++++ Supplied material ++++

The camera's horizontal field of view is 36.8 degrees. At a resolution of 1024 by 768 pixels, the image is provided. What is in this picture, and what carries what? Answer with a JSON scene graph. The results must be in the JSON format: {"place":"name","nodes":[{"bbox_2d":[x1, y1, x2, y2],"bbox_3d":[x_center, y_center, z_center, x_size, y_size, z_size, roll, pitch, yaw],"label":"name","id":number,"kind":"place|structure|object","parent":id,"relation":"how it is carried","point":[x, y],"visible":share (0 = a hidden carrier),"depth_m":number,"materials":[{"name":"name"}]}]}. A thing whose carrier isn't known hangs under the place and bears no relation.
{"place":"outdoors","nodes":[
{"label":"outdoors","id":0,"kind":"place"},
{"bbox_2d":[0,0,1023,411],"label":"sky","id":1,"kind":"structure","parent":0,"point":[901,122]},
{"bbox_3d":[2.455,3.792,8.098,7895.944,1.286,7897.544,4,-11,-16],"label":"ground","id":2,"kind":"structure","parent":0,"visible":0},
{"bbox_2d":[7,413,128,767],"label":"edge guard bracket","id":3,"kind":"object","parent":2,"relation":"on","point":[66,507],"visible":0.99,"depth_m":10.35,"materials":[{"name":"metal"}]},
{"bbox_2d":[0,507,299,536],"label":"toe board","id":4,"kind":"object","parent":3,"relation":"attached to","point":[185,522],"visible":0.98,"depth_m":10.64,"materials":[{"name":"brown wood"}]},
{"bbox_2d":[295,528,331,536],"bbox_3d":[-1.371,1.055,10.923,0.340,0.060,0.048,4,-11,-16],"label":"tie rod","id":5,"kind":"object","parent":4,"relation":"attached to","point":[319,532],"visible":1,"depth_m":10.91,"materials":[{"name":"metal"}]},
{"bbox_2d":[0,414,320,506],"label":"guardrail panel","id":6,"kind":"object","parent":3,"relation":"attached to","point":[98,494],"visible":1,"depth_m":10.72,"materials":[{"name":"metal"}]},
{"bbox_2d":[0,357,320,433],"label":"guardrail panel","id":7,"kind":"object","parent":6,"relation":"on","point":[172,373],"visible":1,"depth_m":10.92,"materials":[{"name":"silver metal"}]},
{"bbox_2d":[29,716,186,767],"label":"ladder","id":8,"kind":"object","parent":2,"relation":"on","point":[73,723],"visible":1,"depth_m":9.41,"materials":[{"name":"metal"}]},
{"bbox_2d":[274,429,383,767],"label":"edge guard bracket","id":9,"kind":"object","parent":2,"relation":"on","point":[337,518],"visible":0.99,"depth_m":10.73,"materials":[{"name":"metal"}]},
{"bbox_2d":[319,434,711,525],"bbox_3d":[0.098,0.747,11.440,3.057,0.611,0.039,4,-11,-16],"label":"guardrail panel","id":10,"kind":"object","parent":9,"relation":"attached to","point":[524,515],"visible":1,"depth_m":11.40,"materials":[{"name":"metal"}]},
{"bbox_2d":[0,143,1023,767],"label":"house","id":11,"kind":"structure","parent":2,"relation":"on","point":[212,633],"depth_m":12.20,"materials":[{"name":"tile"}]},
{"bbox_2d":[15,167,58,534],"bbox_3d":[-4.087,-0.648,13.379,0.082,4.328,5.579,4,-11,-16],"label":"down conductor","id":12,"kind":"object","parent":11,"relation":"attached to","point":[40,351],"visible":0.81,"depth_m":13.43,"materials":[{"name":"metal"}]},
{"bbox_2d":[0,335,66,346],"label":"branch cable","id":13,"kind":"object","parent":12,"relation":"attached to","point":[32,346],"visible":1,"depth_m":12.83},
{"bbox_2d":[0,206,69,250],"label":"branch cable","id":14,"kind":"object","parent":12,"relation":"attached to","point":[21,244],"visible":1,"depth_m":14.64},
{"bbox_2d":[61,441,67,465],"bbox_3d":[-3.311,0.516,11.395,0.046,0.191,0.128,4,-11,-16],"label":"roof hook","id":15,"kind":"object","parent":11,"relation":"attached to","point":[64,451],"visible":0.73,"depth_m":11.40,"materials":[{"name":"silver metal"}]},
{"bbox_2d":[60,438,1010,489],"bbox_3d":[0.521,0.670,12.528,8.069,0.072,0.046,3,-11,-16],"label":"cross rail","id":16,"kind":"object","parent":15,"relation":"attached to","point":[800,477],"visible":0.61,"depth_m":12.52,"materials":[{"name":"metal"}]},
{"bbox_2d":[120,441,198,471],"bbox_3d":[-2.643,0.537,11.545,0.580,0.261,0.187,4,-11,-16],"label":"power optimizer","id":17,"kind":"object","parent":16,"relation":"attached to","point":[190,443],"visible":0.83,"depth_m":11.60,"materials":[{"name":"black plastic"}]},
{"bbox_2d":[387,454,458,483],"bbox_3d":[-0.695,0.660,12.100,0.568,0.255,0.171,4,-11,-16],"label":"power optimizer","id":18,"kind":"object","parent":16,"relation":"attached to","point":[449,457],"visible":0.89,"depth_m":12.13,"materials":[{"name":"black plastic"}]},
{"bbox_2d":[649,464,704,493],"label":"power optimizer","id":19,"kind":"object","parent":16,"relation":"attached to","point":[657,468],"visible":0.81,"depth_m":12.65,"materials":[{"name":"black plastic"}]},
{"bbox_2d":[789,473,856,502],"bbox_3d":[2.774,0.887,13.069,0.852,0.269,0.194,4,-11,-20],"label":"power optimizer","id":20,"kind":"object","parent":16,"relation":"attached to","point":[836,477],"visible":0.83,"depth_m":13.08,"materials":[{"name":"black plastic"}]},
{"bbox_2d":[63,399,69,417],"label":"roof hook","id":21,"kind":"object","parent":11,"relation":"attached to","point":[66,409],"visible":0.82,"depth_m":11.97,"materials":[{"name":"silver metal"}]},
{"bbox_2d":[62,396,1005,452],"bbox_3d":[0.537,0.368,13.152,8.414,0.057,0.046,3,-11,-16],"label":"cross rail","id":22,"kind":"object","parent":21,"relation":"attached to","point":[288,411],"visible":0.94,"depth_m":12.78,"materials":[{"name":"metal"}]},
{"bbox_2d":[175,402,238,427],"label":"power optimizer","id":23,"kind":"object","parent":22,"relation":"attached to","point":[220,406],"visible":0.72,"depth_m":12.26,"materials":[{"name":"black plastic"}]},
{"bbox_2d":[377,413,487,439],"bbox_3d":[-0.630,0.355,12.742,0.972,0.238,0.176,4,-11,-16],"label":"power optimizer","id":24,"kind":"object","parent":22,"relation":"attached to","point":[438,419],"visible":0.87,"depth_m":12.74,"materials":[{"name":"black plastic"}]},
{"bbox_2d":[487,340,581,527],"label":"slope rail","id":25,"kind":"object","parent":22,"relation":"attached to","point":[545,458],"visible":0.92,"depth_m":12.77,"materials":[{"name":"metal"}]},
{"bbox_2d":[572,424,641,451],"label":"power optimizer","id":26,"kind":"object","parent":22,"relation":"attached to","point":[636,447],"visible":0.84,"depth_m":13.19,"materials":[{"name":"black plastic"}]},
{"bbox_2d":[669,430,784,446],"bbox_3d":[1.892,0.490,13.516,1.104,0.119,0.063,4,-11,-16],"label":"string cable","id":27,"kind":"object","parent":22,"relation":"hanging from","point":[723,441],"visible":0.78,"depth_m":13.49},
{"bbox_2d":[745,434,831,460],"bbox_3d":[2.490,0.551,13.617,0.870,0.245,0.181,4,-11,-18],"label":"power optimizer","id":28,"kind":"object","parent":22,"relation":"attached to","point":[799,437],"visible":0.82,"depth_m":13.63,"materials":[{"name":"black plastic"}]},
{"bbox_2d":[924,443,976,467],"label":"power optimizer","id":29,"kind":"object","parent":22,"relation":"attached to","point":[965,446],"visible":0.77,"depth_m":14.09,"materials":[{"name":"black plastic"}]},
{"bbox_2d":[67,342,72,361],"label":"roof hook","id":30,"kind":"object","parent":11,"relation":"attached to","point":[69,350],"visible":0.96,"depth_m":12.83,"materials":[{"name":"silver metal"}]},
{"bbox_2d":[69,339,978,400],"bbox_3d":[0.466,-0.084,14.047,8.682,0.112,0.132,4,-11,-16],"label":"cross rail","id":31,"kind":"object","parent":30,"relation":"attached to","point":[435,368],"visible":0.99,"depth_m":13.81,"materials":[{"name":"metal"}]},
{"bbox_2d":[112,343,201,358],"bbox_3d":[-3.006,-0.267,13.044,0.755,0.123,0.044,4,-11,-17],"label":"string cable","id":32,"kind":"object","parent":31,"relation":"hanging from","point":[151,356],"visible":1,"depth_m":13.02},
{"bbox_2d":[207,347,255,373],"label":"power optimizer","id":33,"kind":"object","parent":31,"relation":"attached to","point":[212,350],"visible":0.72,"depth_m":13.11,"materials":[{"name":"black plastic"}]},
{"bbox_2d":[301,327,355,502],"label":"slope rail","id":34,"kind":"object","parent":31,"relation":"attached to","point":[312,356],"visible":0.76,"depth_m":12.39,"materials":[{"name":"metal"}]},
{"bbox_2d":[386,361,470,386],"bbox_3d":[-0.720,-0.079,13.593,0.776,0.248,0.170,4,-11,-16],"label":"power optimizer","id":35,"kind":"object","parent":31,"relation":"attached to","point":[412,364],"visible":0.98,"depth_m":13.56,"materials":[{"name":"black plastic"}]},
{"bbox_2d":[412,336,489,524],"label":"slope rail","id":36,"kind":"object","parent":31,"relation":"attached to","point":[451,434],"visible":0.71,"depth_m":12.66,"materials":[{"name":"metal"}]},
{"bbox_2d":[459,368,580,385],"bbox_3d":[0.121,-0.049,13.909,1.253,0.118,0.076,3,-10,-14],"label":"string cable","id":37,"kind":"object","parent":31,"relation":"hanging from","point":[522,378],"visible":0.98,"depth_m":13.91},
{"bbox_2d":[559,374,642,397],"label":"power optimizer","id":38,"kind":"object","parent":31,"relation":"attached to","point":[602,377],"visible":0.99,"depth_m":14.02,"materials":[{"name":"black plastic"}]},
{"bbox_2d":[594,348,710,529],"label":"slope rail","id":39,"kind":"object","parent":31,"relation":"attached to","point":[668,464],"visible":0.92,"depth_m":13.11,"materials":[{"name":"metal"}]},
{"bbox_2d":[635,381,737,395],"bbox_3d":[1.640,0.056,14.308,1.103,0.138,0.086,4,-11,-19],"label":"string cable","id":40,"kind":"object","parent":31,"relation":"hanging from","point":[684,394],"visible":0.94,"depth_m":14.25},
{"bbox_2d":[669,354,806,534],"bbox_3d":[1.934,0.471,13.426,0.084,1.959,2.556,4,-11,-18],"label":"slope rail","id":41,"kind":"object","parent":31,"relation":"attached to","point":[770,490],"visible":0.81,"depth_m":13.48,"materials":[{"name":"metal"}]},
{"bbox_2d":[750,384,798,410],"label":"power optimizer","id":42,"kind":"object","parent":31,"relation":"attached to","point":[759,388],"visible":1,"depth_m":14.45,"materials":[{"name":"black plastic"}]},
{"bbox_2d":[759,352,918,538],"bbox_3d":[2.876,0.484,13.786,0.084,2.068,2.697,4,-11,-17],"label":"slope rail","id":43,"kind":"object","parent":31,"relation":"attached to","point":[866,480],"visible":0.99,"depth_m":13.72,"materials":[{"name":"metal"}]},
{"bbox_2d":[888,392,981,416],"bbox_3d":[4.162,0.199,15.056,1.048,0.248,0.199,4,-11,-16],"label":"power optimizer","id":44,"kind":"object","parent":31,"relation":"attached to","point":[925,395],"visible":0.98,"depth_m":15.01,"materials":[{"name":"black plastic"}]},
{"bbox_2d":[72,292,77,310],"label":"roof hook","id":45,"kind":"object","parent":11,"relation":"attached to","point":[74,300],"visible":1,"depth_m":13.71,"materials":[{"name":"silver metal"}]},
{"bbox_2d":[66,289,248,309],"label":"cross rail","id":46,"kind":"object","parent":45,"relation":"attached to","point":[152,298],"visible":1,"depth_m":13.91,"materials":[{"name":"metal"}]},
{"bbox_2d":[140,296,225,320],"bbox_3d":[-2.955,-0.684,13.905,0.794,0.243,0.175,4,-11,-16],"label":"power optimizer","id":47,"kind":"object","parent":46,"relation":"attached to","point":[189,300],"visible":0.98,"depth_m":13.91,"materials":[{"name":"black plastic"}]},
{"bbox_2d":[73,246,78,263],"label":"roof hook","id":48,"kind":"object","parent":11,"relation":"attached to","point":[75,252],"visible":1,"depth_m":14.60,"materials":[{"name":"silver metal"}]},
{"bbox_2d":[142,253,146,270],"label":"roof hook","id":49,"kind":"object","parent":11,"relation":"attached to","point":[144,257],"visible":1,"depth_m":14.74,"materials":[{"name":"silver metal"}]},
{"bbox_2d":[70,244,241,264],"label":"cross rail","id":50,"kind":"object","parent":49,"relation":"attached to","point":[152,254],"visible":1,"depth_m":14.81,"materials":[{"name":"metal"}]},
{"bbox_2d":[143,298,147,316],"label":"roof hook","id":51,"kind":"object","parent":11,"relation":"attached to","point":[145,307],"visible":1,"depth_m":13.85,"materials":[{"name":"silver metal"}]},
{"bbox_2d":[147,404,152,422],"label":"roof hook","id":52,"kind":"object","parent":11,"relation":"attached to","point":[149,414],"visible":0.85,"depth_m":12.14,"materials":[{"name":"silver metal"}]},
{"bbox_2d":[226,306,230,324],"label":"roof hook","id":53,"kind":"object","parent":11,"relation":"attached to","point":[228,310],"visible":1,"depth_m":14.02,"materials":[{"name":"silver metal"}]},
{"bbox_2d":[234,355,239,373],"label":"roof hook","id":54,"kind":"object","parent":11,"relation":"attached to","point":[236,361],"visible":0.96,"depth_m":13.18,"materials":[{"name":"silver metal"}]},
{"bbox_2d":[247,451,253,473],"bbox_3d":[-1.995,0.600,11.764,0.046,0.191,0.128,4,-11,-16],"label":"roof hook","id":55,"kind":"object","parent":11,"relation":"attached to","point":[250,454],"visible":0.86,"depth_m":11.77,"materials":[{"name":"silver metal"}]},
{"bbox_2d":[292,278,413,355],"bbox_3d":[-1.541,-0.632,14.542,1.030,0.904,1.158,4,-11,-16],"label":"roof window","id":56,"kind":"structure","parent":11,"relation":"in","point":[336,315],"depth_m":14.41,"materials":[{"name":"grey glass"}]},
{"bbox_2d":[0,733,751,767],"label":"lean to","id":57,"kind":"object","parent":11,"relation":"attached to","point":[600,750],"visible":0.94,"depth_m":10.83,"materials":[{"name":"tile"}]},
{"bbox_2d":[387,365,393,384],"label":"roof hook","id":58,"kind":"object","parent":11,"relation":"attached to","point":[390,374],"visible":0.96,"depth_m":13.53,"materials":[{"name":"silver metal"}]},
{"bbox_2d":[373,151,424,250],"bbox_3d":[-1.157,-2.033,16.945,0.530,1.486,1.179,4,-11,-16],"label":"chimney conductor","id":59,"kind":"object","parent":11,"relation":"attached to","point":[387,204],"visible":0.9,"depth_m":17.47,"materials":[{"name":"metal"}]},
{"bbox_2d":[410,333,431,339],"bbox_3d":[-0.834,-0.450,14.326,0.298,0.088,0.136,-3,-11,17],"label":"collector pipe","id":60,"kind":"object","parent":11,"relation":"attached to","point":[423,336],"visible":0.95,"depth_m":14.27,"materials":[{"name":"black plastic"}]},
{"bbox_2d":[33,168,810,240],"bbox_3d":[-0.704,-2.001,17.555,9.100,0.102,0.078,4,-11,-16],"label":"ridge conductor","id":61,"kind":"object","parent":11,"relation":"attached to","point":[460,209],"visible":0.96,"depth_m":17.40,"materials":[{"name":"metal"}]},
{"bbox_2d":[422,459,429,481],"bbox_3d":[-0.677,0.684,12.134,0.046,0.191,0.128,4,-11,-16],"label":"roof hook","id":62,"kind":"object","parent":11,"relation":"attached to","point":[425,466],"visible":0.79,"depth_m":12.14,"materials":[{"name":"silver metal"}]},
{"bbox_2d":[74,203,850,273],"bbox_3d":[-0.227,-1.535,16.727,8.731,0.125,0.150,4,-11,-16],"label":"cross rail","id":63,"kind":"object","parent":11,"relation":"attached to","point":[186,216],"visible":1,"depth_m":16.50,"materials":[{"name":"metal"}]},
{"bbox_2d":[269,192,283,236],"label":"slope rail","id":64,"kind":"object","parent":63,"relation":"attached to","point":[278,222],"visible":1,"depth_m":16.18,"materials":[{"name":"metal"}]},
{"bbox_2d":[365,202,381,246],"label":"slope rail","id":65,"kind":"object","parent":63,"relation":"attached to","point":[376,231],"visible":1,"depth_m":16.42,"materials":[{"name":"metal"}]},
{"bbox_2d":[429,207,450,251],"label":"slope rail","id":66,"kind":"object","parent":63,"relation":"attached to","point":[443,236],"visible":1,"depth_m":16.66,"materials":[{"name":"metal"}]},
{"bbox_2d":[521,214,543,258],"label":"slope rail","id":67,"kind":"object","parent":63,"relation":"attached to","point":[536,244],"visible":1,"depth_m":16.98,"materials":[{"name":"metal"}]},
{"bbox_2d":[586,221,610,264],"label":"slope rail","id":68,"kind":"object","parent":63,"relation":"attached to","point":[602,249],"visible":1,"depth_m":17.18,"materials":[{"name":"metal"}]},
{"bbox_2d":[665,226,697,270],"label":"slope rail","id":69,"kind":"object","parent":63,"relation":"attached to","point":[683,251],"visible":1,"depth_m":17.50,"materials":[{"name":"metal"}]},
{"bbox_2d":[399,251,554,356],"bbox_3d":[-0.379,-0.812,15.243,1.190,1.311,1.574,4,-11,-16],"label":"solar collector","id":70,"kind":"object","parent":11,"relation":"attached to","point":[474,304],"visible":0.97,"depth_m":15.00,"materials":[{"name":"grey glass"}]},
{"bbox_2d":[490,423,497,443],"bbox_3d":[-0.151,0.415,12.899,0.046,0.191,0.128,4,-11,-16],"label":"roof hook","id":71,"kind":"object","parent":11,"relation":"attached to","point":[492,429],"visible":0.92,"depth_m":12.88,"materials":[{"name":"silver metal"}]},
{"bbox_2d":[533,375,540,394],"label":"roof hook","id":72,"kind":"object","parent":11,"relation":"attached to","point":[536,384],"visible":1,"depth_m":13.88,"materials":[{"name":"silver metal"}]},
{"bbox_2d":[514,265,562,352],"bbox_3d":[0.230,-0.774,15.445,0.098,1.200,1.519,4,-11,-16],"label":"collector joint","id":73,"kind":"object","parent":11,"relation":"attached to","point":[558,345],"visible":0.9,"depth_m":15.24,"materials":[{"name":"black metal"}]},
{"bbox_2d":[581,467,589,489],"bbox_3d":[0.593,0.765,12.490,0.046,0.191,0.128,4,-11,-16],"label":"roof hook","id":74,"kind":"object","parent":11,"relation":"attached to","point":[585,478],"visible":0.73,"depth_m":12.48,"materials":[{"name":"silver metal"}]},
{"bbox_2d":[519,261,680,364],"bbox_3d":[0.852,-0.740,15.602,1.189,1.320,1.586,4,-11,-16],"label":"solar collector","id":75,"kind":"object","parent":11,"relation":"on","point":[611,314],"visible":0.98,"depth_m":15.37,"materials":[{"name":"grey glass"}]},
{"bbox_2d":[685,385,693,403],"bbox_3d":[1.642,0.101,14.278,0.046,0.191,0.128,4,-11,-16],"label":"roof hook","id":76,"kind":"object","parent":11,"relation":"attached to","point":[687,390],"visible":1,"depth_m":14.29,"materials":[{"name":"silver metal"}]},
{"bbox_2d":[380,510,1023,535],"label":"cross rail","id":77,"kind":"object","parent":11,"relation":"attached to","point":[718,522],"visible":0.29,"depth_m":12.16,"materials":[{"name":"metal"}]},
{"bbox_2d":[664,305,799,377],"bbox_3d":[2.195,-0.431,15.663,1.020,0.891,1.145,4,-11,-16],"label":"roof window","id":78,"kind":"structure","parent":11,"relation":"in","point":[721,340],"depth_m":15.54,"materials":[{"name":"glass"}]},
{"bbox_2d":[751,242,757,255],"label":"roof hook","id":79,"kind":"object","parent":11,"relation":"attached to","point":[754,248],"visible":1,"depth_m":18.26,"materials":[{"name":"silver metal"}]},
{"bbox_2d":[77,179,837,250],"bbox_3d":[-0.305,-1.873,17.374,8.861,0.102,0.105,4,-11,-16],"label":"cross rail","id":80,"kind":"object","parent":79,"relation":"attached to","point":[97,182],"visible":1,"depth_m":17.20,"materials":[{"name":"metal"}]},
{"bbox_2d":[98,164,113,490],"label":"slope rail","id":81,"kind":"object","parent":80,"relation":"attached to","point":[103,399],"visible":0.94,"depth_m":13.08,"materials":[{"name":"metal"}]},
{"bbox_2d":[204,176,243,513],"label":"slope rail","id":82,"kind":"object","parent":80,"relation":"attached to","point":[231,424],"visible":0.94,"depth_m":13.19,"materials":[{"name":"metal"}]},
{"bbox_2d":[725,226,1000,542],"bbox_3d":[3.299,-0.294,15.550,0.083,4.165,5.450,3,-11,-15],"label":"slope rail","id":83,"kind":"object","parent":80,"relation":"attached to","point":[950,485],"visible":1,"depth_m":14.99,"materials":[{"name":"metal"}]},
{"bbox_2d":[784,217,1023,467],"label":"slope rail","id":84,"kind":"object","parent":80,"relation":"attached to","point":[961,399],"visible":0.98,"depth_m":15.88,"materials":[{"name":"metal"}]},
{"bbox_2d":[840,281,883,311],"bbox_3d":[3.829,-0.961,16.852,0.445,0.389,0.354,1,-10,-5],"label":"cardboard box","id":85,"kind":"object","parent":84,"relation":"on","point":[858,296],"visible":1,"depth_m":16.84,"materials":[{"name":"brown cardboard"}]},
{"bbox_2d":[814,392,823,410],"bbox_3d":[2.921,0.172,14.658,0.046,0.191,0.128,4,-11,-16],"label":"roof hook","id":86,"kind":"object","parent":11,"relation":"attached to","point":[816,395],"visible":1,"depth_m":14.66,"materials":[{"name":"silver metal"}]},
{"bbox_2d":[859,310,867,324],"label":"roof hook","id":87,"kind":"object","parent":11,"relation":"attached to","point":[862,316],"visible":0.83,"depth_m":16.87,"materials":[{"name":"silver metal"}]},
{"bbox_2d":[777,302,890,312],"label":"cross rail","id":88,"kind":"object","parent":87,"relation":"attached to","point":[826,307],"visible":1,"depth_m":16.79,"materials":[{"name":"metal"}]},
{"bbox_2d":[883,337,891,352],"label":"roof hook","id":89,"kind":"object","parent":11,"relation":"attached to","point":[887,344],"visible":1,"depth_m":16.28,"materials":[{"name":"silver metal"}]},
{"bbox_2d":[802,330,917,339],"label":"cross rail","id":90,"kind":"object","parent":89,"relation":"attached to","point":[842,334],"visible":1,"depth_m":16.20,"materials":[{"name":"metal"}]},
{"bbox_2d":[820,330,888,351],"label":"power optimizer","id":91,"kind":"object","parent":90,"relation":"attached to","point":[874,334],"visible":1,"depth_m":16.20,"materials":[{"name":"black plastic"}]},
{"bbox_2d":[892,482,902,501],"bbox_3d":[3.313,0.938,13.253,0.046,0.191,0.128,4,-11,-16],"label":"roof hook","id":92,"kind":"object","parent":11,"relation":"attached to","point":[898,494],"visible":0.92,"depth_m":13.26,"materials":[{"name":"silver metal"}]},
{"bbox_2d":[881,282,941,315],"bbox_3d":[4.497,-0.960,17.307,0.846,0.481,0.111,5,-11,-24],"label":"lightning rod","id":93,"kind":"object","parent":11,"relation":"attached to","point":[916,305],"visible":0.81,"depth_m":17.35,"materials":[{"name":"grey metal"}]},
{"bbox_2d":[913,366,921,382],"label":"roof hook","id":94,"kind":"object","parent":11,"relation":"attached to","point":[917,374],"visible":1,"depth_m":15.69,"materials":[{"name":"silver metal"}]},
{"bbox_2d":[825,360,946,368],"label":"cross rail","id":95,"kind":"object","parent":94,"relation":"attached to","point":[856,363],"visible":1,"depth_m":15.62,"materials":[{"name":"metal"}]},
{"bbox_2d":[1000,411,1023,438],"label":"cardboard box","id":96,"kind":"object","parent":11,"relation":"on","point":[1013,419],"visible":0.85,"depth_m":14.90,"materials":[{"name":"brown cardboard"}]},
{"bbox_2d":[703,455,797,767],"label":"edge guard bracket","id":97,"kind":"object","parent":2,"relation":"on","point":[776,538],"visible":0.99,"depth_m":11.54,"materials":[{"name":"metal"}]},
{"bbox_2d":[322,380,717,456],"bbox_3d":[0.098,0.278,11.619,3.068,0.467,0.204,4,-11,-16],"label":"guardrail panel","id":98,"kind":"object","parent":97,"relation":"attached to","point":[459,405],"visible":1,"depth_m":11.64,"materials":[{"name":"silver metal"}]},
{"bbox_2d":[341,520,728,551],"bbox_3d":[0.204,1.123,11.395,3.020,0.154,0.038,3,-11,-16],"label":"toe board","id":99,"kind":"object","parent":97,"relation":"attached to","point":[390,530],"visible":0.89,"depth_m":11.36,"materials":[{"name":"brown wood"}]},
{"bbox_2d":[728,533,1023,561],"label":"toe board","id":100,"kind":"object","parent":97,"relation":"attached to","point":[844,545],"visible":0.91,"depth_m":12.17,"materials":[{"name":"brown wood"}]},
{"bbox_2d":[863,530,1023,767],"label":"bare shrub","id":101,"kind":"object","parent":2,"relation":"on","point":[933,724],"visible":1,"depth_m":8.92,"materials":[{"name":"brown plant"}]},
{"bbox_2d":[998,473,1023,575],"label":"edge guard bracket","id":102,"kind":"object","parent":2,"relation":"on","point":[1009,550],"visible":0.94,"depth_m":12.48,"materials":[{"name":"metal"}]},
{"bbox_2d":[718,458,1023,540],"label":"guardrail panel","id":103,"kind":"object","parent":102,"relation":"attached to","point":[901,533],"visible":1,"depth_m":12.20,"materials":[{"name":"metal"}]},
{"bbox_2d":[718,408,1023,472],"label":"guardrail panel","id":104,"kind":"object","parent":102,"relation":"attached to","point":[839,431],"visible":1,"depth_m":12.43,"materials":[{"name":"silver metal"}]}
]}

++++

Given the word "tile", show every line of the records that contains it.

Written answer —
{"bbox_2d":[0,143,1023,767],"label":"house","id":11,"kind":"structure","parent":2,"relation":"on","point":[212,633],"depth_m":12.20,"materials":[{"name":"tile"}]},
{"bbox_2d":[0,733,751,767],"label":"lean to","id":57,"kind":"object","parent":11,"relation":"attached to","point":[600,750],"visible":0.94,"depth_m":10.83,"materials":[{"name":"tile"}]},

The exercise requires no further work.